## Prompt
Every record must reappear in the answer exactly as given.

=== Begin Enclosure ===

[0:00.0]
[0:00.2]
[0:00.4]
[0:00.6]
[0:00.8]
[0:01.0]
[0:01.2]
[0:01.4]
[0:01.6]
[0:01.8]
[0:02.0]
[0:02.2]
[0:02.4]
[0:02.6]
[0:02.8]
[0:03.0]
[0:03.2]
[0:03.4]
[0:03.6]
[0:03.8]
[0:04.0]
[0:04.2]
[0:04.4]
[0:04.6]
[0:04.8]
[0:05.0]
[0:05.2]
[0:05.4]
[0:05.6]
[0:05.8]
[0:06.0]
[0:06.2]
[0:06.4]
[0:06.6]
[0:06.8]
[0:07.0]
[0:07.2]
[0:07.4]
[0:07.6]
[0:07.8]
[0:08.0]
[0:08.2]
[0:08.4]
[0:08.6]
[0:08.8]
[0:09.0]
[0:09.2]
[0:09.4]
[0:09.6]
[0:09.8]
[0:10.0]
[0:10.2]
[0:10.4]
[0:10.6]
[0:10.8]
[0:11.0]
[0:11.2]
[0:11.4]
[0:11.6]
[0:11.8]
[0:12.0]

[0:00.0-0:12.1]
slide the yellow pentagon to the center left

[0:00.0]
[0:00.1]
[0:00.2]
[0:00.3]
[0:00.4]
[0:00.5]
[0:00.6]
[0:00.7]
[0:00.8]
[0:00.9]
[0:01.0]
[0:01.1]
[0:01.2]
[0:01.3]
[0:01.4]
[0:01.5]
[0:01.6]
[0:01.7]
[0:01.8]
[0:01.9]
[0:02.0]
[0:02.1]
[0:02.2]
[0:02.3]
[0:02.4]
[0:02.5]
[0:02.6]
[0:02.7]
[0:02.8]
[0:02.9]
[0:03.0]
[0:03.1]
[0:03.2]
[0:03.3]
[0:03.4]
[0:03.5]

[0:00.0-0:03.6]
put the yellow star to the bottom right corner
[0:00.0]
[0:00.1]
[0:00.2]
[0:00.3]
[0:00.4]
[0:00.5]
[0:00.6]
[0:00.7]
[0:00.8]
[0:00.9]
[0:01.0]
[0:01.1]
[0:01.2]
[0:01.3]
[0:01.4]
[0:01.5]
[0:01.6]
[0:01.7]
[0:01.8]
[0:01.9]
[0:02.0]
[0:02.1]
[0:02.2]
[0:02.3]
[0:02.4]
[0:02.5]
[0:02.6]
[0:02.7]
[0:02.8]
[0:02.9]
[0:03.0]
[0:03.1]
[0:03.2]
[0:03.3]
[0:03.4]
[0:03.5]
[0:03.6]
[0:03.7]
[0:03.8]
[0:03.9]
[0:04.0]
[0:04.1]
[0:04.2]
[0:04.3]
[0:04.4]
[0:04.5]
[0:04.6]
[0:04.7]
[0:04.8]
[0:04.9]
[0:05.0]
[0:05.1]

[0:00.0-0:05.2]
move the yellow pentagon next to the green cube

=== End Enclosure ===

## Solution for this exercise
[0:00.0]
[0:00.2]
[0:00.4]
[0:00.6]
[0:00.8]
[0:01.0]
[0:01.2]
[0:01.4]
[0:01.6]
[0:01.8]
[0:02.0]
[0:02.2]
[0:02.4]
[0:02.6]
[0:02.8]
[0:03.0]
[0:03.2]
[0:03.4]
[0:03.6]
[0:03.8]
[0:04.0]
[0:04.2]
[0:04.4]
[0:04.6]
[0:04.8]
[0:05.0]
[0:05.2]
[0:05.4]
[0:05.6]
[0:05.8]
[0:06.0]
[0:06.2]
[0:06.4]
[0:06.6]
[0:06.8]
[0:07.0]
[0:07.2]
[0:07.4]
[0:07.6]
[0:07.8]
[0:08.0]
[0:08.2]
[0:08.4]
[0:08.6]
[0:08.8]
[0:09.0]
[0:09.2]
[0:09.4]
[0:09.6]
[0:09.8]
[0:10.0]
[0:10.2]
[0:10.4]
[0:10.6]
[0:10.8]
[0:11.0]
[0:11.2]
[0:11.4]
[0:11.6]
[0:11.8]
[0:12.0]

[0:00.0-0:12.1]
slide the yellow pentagon to the center left

[0:00.0]
[0:00.1]
[0:00.2]
[0:00.3]
[0:00.4]
[0:00.5]
[0:00.6]
[0:00.7]
[0:00.8]
[0:00.9]
[0:01.0]
[0:01.1]
[0:01.2]
[0:01.3]
[0:01.4]
[0:01.5]
[0:01.6]
[0:01.7]
[0:01.8]
[0:01.9]
[0:02.0]
[0:02.1]
[0:02.2]
[0:02.3]
[0:02.4]
[0:02.5]
[0:02.6]
[0:02.7]
[0:02.8]
[0:02.9]
[0:03.0]
[0:03.1]
[0:03.2]
[0:03.3]
[0:03.4]
[0:03.5]

[0:00.0-0:03.6]
put the yellow star to the bottom right corner
[0:00.0]
[0:00.1]
[0:00.2]
[0:00.3]
[0:00.4]
[0:00.5]
[0:00.6]
[0:00.7]
[0:00.8]
[0:00.9]
[0:01.0]
[0:01.1]
[0:01.2]
[0:01.3]
[0:01.4]
[0:01.5]
[0:01.6]
[0:01.7]
[0:01.8]
[0:01.9]
[0:02.0]
[0:02.1]
[0:02.2]
[0:02.3]
[0:02.4]
[0:02.5]
[0:02.6]
[0:02.7]
[0:02.8]
[0:02.9]
[0:03.0]
[0:03.1]
[0:03.2]
[0:03.3]
[0:03.4]
[0:03.5]
[0:03.6]
[0:03.7]
[0:03.8]
[0:03.9]
[0:04.0]
[0:04.1]
[0:04.2]
[0:04.3]
[0:04.4]
[0:04.5]
[0:04.6]
[0:04.7]
[0:04.8]
[0:04.9]
[0:05.0]
[0:05.1]

[0:00.0-0:05.2]
move the yellow pentagon next to the green cube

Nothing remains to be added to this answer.